** Opening EXERCISE MATERIAL block **

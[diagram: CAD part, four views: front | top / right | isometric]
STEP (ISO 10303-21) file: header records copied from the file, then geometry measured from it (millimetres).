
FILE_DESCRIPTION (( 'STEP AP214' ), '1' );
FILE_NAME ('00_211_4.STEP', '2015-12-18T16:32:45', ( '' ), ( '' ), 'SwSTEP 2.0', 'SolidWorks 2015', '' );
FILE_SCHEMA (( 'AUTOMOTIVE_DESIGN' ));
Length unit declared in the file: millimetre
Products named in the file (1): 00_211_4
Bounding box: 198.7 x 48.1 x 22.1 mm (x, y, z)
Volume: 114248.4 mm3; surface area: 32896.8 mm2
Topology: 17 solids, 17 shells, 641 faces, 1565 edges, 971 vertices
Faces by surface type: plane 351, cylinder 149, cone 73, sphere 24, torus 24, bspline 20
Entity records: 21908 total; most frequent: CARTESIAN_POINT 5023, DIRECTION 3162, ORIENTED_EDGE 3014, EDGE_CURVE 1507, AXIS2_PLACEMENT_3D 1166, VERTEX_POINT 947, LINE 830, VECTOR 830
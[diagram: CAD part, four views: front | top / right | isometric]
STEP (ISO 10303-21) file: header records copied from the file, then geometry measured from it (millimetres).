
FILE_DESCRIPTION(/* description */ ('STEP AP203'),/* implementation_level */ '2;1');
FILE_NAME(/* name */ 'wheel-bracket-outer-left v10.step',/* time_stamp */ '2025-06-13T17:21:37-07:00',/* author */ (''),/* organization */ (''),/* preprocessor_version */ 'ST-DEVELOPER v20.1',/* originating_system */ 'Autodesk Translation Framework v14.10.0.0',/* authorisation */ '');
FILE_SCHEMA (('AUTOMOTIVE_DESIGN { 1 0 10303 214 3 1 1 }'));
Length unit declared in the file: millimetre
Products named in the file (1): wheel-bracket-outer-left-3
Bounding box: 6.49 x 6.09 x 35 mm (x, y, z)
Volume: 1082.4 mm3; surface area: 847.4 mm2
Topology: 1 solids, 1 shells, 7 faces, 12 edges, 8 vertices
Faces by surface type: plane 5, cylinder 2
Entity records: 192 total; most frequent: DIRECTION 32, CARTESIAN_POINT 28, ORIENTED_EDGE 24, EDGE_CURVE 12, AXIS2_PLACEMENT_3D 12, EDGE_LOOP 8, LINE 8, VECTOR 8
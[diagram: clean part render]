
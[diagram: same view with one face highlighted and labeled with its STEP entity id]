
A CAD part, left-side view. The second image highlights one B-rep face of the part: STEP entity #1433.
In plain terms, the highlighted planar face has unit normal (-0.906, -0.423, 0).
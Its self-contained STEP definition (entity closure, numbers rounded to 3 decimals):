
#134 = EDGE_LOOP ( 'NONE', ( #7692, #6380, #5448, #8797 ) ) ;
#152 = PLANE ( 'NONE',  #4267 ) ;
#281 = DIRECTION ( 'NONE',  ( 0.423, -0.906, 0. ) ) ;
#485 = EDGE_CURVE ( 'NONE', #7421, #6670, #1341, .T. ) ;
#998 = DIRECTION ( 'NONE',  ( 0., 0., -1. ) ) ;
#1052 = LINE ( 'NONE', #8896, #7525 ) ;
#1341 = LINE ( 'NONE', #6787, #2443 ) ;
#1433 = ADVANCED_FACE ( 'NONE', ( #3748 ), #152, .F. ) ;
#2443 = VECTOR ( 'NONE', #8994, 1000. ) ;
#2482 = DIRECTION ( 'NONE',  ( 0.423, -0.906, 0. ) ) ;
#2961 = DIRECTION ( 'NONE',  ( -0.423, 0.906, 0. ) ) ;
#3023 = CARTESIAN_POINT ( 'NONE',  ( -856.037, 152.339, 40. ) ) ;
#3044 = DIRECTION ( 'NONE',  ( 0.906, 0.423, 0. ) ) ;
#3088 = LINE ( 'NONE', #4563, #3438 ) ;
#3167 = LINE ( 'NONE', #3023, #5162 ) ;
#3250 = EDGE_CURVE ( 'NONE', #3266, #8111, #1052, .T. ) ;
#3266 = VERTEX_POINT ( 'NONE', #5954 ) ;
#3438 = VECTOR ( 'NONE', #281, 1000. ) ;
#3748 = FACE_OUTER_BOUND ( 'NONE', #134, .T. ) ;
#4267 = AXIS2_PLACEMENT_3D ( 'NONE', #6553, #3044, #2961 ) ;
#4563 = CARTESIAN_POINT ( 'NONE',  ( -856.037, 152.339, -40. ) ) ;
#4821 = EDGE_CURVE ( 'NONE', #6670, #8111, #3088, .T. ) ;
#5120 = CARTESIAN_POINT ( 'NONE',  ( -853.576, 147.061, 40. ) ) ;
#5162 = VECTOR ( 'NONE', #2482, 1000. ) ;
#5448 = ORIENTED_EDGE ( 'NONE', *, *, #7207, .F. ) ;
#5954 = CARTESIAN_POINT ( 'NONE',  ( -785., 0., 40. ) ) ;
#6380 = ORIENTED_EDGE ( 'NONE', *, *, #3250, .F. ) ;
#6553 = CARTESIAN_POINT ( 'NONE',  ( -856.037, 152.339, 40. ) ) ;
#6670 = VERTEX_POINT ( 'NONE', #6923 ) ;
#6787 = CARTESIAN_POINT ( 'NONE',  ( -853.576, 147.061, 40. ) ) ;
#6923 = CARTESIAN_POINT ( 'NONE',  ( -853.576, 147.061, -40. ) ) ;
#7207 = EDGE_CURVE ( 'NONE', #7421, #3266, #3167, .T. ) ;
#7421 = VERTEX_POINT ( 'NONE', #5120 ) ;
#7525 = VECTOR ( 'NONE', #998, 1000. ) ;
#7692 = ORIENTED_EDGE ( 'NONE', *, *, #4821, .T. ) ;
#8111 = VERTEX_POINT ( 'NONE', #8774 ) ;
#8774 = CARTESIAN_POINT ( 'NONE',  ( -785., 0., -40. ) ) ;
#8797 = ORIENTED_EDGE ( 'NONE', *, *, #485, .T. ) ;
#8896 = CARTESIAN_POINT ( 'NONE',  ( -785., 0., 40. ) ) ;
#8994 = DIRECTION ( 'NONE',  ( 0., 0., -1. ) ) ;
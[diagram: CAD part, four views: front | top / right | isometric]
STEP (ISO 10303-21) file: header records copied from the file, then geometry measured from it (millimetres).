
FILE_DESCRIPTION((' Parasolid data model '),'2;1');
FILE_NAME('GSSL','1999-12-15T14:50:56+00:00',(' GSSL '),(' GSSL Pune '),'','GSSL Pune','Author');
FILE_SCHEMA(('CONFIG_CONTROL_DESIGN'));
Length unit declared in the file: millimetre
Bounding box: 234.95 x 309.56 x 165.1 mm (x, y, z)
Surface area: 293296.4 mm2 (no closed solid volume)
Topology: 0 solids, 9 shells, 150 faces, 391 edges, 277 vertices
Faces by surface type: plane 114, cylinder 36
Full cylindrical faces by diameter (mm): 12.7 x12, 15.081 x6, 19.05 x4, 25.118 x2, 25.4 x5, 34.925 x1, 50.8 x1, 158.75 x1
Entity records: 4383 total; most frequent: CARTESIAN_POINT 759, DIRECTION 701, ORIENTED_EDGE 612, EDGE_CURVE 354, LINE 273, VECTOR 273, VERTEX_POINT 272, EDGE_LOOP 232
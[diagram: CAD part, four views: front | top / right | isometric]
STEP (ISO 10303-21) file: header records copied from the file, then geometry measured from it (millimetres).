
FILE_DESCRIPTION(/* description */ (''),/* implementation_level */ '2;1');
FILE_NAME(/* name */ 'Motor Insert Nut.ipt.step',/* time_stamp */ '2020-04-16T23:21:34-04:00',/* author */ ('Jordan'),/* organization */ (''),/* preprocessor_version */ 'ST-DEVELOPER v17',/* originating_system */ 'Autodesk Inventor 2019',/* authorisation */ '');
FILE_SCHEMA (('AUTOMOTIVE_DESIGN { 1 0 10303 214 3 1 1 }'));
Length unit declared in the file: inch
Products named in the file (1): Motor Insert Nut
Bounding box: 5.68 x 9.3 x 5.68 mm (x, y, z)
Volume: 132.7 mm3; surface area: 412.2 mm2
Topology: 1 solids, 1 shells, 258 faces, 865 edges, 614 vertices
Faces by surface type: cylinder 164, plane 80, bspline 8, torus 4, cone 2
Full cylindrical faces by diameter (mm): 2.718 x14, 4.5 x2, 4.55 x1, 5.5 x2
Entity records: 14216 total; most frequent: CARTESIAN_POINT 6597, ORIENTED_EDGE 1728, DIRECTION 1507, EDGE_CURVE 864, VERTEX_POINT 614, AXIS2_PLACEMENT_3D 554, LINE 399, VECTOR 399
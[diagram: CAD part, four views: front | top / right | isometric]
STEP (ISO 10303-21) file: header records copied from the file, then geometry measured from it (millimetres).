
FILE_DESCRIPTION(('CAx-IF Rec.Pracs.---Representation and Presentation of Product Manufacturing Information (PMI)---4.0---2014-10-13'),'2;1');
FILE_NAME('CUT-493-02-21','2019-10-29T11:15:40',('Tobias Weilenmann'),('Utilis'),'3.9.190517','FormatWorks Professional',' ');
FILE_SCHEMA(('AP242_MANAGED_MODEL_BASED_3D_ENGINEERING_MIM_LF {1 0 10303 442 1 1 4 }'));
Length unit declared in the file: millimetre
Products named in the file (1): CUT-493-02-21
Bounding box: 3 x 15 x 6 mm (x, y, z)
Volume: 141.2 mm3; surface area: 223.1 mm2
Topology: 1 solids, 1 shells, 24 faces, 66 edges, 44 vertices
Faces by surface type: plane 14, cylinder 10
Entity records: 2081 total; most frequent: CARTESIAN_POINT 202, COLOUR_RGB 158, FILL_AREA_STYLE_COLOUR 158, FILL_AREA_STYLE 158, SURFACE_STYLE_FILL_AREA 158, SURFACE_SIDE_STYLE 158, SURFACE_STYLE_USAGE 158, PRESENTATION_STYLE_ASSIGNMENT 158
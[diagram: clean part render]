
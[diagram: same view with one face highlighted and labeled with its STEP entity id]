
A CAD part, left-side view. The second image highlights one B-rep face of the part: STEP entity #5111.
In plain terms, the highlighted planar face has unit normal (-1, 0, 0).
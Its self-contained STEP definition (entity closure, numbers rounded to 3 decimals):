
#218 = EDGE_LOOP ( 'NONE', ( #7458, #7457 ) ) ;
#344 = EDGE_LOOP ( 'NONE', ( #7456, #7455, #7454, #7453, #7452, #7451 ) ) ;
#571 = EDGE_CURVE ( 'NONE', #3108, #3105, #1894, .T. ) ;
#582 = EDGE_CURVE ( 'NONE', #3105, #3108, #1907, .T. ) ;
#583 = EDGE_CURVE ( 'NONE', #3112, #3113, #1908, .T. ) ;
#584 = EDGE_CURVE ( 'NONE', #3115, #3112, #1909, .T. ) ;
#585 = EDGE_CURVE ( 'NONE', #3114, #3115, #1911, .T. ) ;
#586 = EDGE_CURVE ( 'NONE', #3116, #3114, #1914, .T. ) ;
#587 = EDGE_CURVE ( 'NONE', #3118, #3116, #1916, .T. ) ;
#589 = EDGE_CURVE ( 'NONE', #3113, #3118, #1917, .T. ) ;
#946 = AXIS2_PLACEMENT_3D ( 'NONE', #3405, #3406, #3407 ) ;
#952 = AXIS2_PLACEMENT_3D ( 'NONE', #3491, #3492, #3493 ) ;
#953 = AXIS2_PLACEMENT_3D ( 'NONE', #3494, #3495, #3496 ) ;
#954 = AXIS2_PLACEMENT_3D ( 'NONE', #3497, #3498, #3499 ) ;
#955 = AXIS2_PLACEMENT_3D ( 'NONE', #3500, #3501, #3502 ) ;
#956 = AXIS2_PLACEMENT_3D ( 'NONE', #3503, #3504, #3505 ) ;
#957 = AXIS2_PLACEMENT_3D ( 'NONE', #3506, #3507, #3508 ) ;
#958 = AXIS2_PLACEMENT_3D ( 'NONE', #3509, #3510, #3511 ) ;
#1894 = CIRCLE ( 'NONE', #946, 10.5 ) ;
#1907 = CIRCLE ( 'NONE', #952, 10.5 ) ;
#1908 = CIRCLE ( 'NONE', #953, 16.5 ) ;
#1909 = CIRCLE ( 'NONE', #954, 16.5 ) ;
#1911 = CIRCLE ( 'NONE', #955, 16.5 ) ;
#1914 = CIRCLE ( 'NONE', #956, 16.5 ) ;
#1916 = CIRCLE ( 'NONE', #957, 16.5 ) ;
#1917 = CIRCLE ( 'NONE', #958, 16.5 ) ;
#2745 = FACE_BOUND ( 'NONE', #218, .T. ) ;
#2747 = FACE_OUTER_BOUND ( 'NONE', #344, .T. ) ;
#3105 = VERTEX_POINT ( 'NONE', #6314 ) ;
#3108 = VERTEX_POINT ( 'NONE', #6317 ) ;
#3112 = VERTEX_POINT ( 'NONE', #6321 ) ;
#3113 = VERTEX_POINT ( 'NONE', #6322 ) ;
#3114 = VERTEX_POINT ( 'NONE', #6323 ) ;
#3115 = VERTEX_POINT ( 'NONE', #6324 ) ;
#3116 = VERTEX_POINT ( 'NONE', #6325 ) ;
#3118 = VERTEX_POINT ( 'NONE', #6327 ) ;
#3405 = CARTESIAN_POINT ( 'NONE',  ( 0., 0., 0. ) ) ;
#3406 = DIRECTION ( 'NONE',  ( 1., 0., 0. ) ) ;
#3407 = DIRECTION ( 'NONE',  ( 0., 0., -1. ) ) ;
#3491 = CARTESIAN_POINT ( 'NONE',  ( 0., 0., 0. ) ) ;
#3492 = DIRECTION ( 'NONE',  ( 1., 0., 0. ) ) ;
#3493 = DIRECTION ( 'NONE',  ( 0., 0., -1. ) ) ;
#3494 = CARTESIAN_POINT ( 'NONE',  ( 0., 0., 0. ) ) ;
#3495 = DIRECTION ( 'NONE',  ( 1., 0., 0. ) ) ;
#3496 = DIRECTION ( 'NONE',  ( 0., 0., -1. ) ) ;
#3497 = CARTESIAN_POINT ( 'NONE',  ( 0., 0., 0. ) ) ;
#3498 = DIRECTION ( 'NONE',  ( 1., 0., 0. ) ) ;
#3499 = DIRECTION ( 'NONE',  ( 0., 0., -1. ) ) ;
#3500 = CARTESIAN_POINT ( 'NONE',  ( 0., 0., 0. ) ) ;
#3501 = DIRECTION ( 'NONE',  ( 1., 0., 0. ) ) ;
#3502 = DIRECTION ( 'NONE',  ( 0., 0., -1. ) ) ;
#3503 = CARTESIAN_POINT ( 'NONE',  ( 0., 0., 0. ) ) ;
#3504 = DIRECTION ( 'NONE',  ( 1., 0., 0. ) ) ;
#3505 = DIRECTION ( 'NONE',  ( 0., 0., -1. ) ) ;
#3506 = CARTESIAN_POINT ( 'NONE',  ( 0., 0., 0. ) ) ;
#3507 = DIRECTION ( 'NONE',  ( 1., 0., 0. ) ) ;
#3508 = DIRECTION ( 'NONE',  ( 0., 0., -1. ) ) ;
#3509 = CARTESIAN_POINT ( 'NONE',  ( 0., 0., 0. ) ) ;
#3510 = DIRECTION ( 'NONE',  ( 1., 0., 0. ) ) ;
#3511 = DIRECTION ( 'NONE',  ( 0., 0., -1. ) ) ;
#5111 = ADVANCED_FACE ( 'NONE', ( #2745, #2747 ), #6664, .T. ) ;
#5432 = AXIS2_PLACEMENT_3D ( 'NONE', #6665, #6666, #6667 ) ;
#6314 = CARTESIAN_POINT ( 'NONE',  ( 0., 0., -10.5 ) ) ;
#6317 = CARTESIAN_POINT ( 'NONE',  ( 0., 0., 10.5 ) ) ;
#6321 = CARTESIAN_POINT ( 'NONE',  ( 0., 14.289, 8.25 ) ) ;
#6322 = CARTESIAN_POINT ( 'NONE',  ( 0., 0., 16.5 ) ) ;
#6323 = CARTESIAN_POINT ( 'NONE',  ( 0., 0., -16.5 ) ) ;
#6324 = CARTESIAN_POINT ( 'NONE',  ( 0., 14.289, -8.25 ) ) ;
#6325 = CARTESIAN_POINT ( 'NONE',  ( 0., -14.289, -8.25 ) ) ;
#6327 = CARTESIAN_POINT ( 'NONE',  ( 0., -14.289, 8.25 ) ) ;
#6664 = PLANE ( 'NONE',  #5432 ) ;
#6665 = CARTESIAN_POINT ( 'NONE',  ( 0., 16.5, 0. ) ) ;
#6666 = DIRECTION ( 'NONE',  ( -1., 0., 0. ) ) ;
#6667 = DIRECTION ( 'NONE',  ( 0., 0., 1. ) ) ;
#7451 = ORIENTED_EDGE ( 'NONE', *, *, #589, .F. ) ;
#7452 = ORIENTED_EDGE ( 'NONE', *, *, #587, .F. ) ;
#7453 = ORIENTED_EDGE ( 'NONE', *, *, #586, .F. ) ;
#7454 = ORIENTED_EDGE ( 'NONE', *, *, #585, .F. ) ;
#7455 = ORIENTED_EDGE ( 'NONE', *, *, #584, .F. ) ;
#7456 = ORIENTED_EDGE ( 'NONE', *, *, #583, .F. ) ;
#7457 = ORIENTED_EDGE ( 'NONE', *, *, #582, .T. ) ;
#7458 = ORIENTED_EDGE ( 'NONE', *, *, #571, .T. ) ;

** Closing EXERCISE MATERIAL block **

• _DESCRIPTION OF THE TASK_
Look through the records for the word "highlights". Every line that has it should be copied.

• _ANSWER SECTION_
A CAD part, left-side view. The second image highlights one B-rep face of the part: STEP entity #1433.
A CAD part, left-side view. The second image highlights one B-rep face of the part: STEP entity #5111.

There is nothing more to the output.